Interaction between the tRNA-Binding and C-Terminal Domains of Yeast Gcn2 Regulates Kinase Activity In Vivo

The stress-activated protein kinase Gcn2 regulates protein synthesis by phosphorylation of translation initiation factor eIF2α. Gcn2 is activated in amino acid-deprived cells by binding of uncharged tRNA to the regulatory domain related to histidyl-tRNA synthetase, but the molecular mechanism of activation is unclear. We used a genetic approach to identify a key regulatory surface in Gcn2 that is proximal to the predicted active site of the HisRS domain and likely remodeled by tRNA binding. Mutations leading to amino acid substitutions on this surface were identified that activate Gcn2 at low levels of tRNA binding (Gcd^- phenotype), while other substitutions block kinase activation (Gcn^- phenotype), in some cases without altering tRNA binding by Gcn2 in vitro.
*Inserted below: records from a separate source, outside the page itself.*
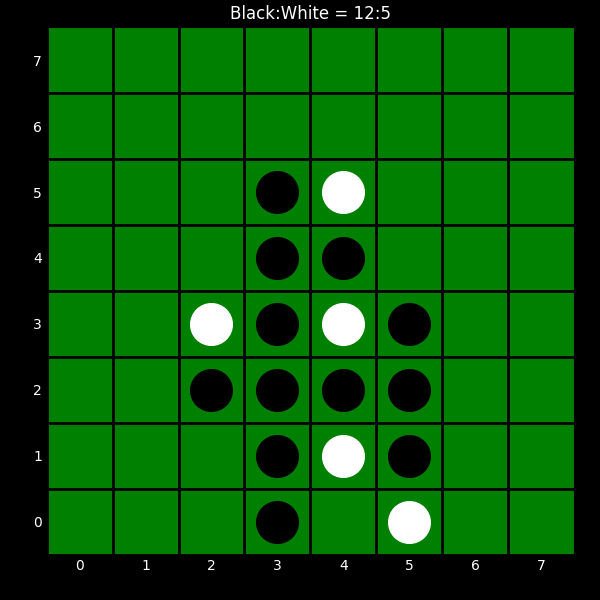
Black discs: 12
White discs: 5
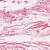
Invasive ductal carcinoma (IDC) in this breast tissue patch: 0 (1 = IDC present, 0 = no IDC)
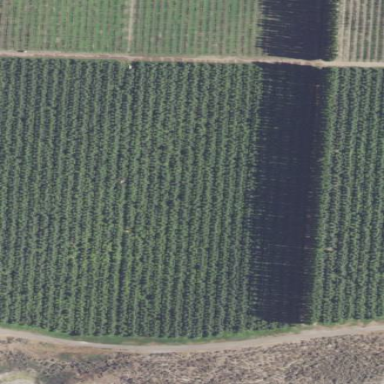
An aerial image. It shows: Vineyard growing grapes.
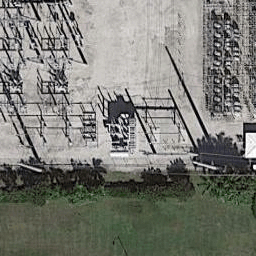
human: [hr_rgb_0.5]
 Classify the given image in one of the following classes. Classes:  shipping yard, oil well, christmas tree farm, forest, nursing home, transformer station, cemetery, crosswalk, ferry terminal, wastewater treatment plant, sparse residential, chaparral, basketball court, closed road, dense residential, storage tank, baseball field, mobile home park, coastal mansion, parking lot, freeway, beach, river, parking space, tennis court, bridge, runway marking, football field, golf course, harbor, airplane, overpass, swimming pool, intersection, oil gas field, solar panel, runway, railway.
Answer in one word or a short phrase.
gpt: transformer station
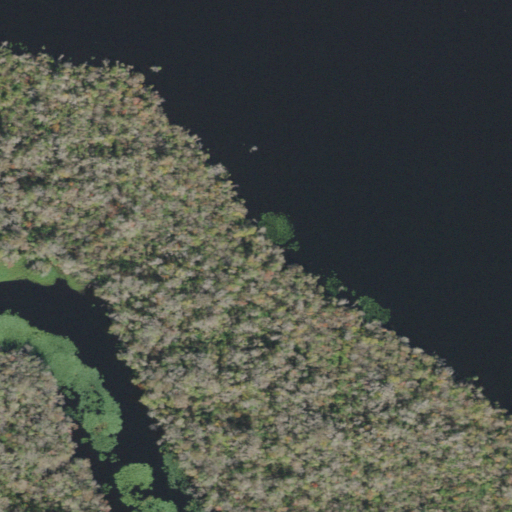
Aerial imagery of island in Florida named Polly Island containing woody wetlands, open water, and herbaceous wetlands

Remarkably, the Gcn^- substitutions increase affinity of the HisRS domain for the C-terminal domain (CTD), previously implicated as a kinase autoinhibitory segment, in a manner dampened by HisRS domain Gcd^- substitutions and by amino acid starvation in vivo. Moreover, tRNA specifically antagonizes HisRS/CTD association in vitro. These findings support a model wherein HisRS-CTD interaction facilitates the autoinhibitory function of the CTD in nonstarvation conditions, with tRNA binding eliciting kinase activation by weakening HisRS-CTD association with attendant disruption of the autoinhibitory KD-CTD interaction.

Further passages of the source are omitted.